Moreover, by contrast to convex-line-search, if the minimum is found to be at xright, the range [xleft, xright] is quadrupled to the right and the line search continues, and so on. This means that for example the call (quasi-exact-line-search / 1 2) loops forever. To prevent this quadrupling behaviour, one can force the function f to be increasing at xright, for eaxmple with (λ (x) (if (< x 2) (/ x) +inf.0)) instead of /.

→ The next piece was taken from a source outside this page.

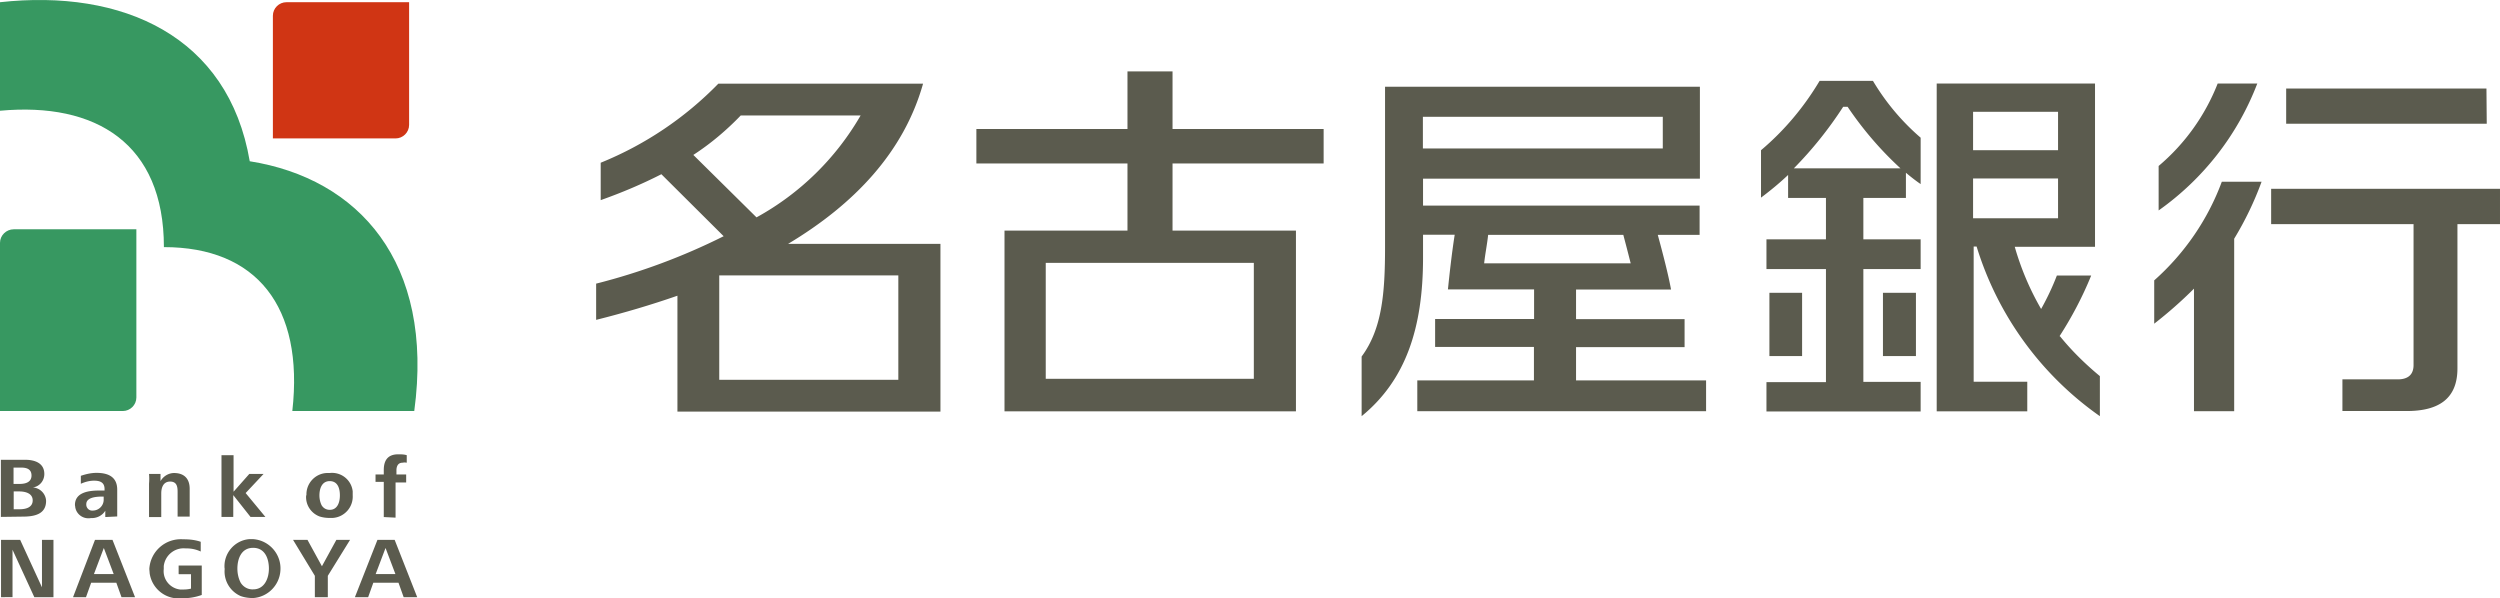 <svg id="uuid-20bec6bc-d930-45dd-a64a-437e2052b0d9" data-name="レイヤー 2" xmlns="http://www.w3.org/2000/svg" viewBox="0 0 169.76 40.63"><defs><style>.uuid-371ef4b1-724b-4680-8b94-a2aedd632f2e{stroke-width:0;fill:#379861}</style></defs><g id="uuid-97a9416a-4340-4ce9-be9e-a1799e5a031e" data-name="レイヤー 1"><g id="uuid-c6d056b5-a5dd-4b77-9122-5b8461821285" data-name="レイヤー 1-2"><g id="uuid-143f4b1e-424d-4ff0-b649-62b91fff01c7" data-name="レイヤー 2-2"><path d="M89.88 11.1V8.76H79.62V4.85h-3.06v3.91H66.3v2.34h10.26v4.56h-8.35v12.27H88V15.66h-8.38V11.1h10.26Zm-4.74 14.62H71.01v-7.87h14.13v7.87Zm68.15-20.05h-2.7c-.85 2.17-2.23 4.1-4.01 5.6v3.02c3.04-2.15 5.37-5.14 6.7-8.62Zm-7.01 13.36v2.95c.95-.74 1.85-1.53 2.7-2.38v8.32h2.73V16.21c.74-1.22 1.37-2.52 1.86-3.87h-2.7c-.95 2.57-2.53 4.87-4.58 6.69Zm22.56-13.02h-13.6V8.4h13.62l-.02-2.39Zm-14.62 6.81v2.4h9.67v9.57c0 .67-.4.97-1.07.97h-3.76v2.15h4.37c2.2 0 3.44-.86 3.44-2.89v-9.8h2.89v-2.4h-15.54Zm-47.2 13.02v-2.27h7.37v-1.9h-7.37v-2.01h6.45c-.17-.96-.57-2.5-.9-3.71h2.84v-1.99H96.63v-1.83h18.8V5.89H94.05V16.8c0 3.1-.2 5.53-1.59 7.41v4.05c3-2.45 4.17-6 4.17-10.75v-1.57h2.15c-.19 1.19-.36 2.73-.46 3.71h5.85v2.01h-6.72v1.9h6.71v2.27h-7.92v2.09h19.61v-2.09h-8.82Zm5.89-17.91v2.15H96.62V7.93h16.29Zm-11.82 8.02h9.14c.16.6.34 1.29.5 1.93h-9.95c.07-.65.21-1.33.27-1.93h.04Zm26.09-10.46h-3.62c-1.06 1.78-2.4 3.38-3.98 4.71v3.22c.64-.48 1.26-.99 1.84-1.54v1.56h2.57v2.81h-4.04v2.02h4.04v7.68h-4.04v1.99h10.47v-2.01h-3.89v-7.66h3.89v-2.02h-3.89v-2.81h2.89v-1.71c.32.27.65.53 1 .77V9.35c-1.28-1.1-2.37-2.4-3.24-3.86Zm-5.37 5.94c1.26-1.28 2.38-2.68 3.35-4.18h.3c1.03 1.53 2.23 2.93 3.59 4.18h-7.25Zm18.04 11.4c.84-1.3 1.57-2.69 2.15-4.12h-2.33c-.3.78-.66 1.54-1.07 2.27-.77-1.33-1.37-2.75-1.79-4.22h5.45V5.67h-10.75v22.26h6.15v-2.01h-3.64v-9.18h.2a21.9 21.9 0 0 0 8.37 11.52v-2.72c-.99-.82-1.91-1.72-2.72-2.72v.02Zm-5.87-15.24h5.77v2.61h-5.77V7.59Zm0 7.23v-2.7h5.77v2.7h-5.77Zm-13.83 5.06v4.3h2.22v-4.3h-2.22Zm9.95 4.3v-4.3h-2.24v4.3h2.24Zm-76.57-7.63c4.47-2.68 7.84-6.21 9.15-10.87h-13.9a23.454 23.454 0 0 1-7.99 5.37v2.54c1.41-.5 2.79-1.08 4.12-1.76l4.23 4.21a42.775 42.775 0 0 1-8.66 3.22v2.46c1.88-.47 3.74-1.02 5.52-1.64v7.87h17.86V16.56H53.51Zm-6.45-6.03c1.17-.76 2.25-1.67 3.22-2.68h8.14c-1.68 2.91-4.12 5.3-7.07 6.92l-4.3-4.25ZM61 25.79H48.84V18.7H61v7.09ZM.06 35.11v-3.89h1.63c.66 0 1.32.21 1.32.97 0 .46-.33.85-.78.91.49.03.88.43.9.91 0 .92-.81 1.07-1.59 1.07l-1.47.02Zm.86-2.25h.42c.4 0 .8-.12.8-.57s-.35-.54-.72-.54h-.5v1.11Zm0 1.72h.42c.41 0 .88-.12.88-.6s-.49-.61-.92-.61H.93v1.21Zm6.23.53v-.43c-.21.34-.59.52-.98.5-.5.09-.98-.24-1.06-.74 0-.05-.02-.11-.02-.15 0-.78.77-.98 1.62-.98h.39v-.1c0-.42-.26-.57-.71-.57-.31 0-.61.08-.9.21v-.54c.35-.12.71-.2 1.07-.2.81 0 1.4.29 1.4 1.14v1.82l-.82.04Zm-.22-1.39c-.5 0-1.07.09-1.07.51-.02.22.15.43.37.44h.07c.42 0 .75-.35.74-.75v-.2h-.12Zm3.19 1.39v-2.27c.02-.22.02-.43 0-.66h.78v.49c.19-.33.53-.54.91-.55.73 0 1.07.42 1.07 1.07v1.89h-.82V33.4c0-.35-.05-.7-.51-.7s-.6.41-.6.8v1.61h-.84Zm4.92 0v-4.2h.82v2.48l1.07-1.21h.97l-1.22 1.3 1.34 1.62h-1.01l-1.17-1.48v1.48h-.81Zm5.77-1.47c-.04-.8.58-1.48 1.37-1.52h.2c.78-.09 1.48.46 1.57 1.24v.27c.05.8-.56 1.49-1.36 1.54h-.22c-.22 0-.45-.03-.67-.1-.59-.22-.97-.81-.91-1.44Zm1.58.98c.52 0 .69-.5.69-.98s-.15-.97-.69-.97-.7.52-.7.97c0 .23.05.47.15.67.12.2.32.31.55.31Zm3.67.49v-2.39h-.56v-.5h.56v-.3c0-.57.2-1.07.98-1.07.2 0 .39 0 .58.06v.51c-.1-.02-.2-.02-.29 0-.36 0-.41.34-.41.51v.29h.66v.54h-.72v2.39l-.8-.04ZM.07 40.55v-3.89h1.3l1.48 3.22v-3.22h.78v3.89h-1.3L.85 37.33v3.22H.07Zm4.89 0 1.49-3.89h1.19l1.53 3.89h-.92l-.35-.98H6.19l-.35.98h-.88Zm1.42-1.57h1.34l-.67-1.77-.67 1.77Zm5.75-.02v-.56h1.57v2c-.42.15-.86.23-1.31.22a1.99 1.99 0 0 1-2.23-1.71c0-.1-.02-.2-.02-.29.08-1.19 1.1-2.08 2.29-2h.04c.39 0 .79.04 1.16.17v.66c-.32-.15-.67-.22-1.01-.21-.74-.08-1.41.45-1.5 1.2v.2c-.08.69.42 1.31 1.11 1.39h.24c.17 0 .34-.02.5-.06v-.98h-.83Zm3.12-.35c-.09-1.01.66-1.91 1.67-2h.27c1.11.08 1.94 1.05 1.85 2.15-.07.99-.86 1.78-1.85 1.85-.29 0-.59-.04-.86-.14a1.822 1.822 0 0 1-1.07-1.87Zm1.94 1.41c.78 0 1.07-.76 1.07-1.41s-.25-1.41-1.07-1.41-1.07.77-1.07 1.41c0 .33.07.66.22.95.18.3.51.48.85.46Zm4.19.53V39.1l-1.48-2.44h.98l.98 1.79.98-1.79h.93l-1.51 2.44v1.45h-.88Zm2.72 0 1.53-3.89h1.17l1.53 3.89h-.92l-.35-.98h-1.71l-.35.98h-.88Zm1.41-1.57h1.34l-.67-1.77-.67 1.77Z" style="fill:#5b5b4e;stroke-width:0"/><path d="M18.53 1.07c0-.51.42-.92.92-.92h8.33v8.33c0 .51-.42.92-.92.92h-8.33V1.07Z" style="stroke-width:0;fill:#d03514"/><path class="uuid-371ef4b1-724b-4680-8b94-a2aedd632f2e" d="M9.26 15.57v11.42c0 .51-.42.92-.92.92H0V16.49c0-.51.43-.92.93-.92h8.33Z"/><path class="uuid-371ef4b1-724b-4680-8b94-a2aedd632f2e" d="M16.96 10.96C15.51 2.41 8.28-.76 0 .15v7.37c6.51-.6 11.13 2.22 11.13 9.26 6.28 0 9.52 4.02 8.72 11.13h8.28c1.37-10.13-3.8-15.79-11.17-16.96Z"/></g></g></g></svg>

The argument jac^2, if provided, should be the squared 2-norm of the jacobian (aka the gradient or derivative) at xleft. This information may be used to speed up the search.

See convex-line-search for the description of the returned dictionary, and of the other arguments.

Example:
> (for/list ([c '(1 10 100)])
    (keep-keys
     (quasi-exact-line-search (λ (x) (sqr (- x 1))) -2 5 #:c c)
     '(iter xlow ylow)))

'(((iter . 2) (xlow . 1.47265625) (ylow . 0.2234039306640625))

  ((iter . 4) (xlow . 0.7788681457319648) (ylow . 0.04889929697201954))

  ((iter . 6) (xlow . 1.0095288532116586) (ylow . 9.079904352933715e-5)))

struct

(struct pt (x y))

  x : real?
  y : real?

struct

(struct ptg pt (g))

  g : real?
Points without and with gradient. May be used in the 'pts entry of the return dictionaries of convex-line-search and quasi-exact-line-search.